Os estrategas norte-americanos também se equivocaram ao acreditarem que com o golpe de estado na Ucrânia atrairiam a Rússia para um pântano de guerra prolongada (como havia ocorrido com a URSS no Afeganistão), mas os russos responderam de maneira inteligente esquivando-se à provocação e ajudando a converter a Ucrânia numa espécie de filho idiota dos seus padrinhos ocidentais, submersa numa interminável guerra étnica.
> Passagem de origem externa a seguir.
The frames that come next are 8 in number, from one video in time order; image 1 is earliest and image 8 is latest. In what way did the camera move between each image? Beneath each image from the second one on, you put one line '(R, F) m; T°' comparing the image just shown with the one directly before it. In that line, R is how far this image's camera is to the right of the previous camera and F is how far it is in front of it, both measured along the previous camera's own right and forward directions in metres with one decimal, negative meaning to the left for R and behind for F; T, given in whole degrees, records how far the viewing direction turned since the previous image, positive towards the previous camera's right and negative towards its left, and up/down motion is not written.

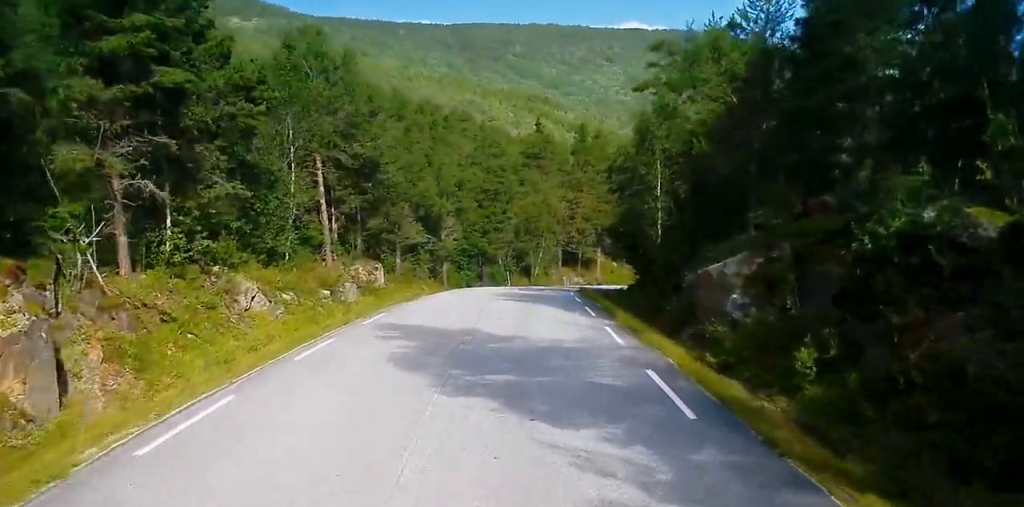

E tornaram a equivocar-se quando acreditaram que a Síria seria uma espécie de Líbia-bis, que a Rússia não se atreveria a intervir, que os bandos de mercenários "islâmicos" (?) se apossariam completamente desse país. A Rússia interveio e os que não foram capazes de intervir contra a Rússia foram os ocidentais. O que está agora a ocorrer é que a aliança estratégica entre Rússia e China emerge como o maior desafio à supremacia ocidental.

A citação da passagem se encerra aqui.